Affirmative action was one of the fundamental components of the growth of persecution towards race in higher education. Instituted by the government, affirmative action laws are policies to help level the playing field for those historically disadvantaged due to elements such as race, color, religion, sex, or national origin. These laws make opportunities in business, employment, and education as equal for everyone as possible. Signed by President John F. Kennedy in 1961, affirmative action was first created by Executive Order 10925 in the United States (‘What Is Affirmative’) (‘Executive Order’) . This law requires that government employers must not “discriminate against any employee or applicant for employment because of race, creed, color, or national origin.” Affirmative action practices also began to affect higher education with college applicants. Being a minority in this time can actually help you to get into colleges easier in the present time (‘What Is Affirmative’). The Puritan society progressed and matured similarly to how persecution with blacks in education grew because of affirmative action. Although there are still many racial setbacks in education today, affirmative action was one of the biggest milestones to getting this persecution where it is now.
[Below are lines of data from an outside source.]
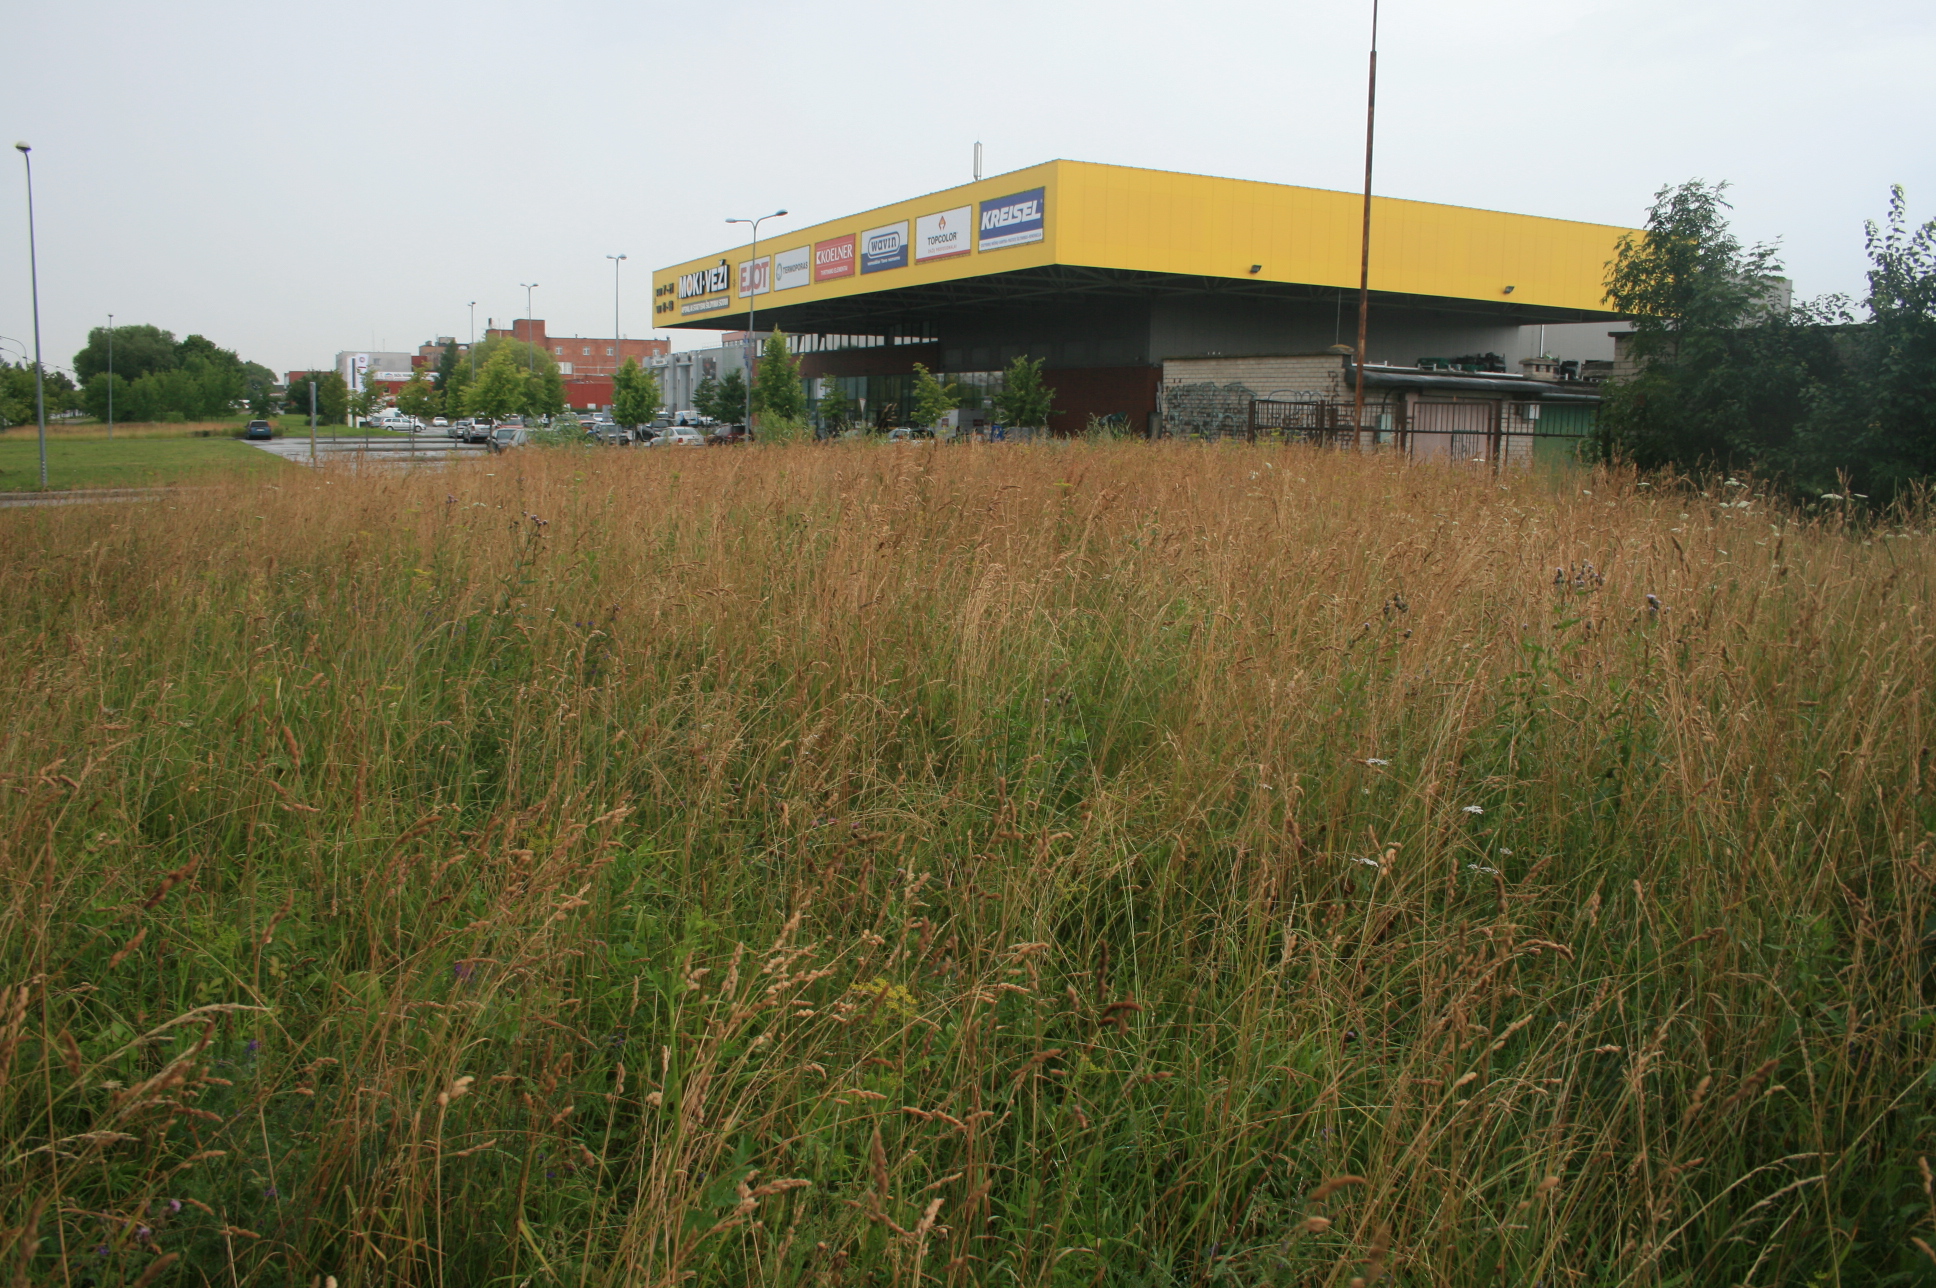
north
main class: Grassland
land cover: Grassland without tree/shrub cover
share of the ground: > 75 %
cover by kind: herbaceous plants 100 %
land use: Residential
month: July
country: LT
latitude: 55.6786
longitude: 21.1889

Persecution in postsecondary education that has allowed advantages and disadvantages according to race has persisted throughout history much like the persecutions in The Crucible. Race has caused vast divisions in social status in many areas including education, career paths, criminal records, and wealth. Race can affect everyone in regards to social standing, whether it be in a job application or if someone will get questioned by the police because of their profile. Although race can negatively affect a person’s social status, it can also help people get into college or get a job due to affirmative action. However, many persecutions in postsecondary education have been due to race. Although persecution of people of color in regards to higher education has stood out as an issue for many years, there have been several educational milestones that specifically African Americans have made throughout history. Endorsed by John F. Kennedy, affirmative action was one of the fundamental factors to get race in higher education where it is today. The Salem witch trials in The Crucible were harsh, unfair times similar to educational barriers facing minorities today.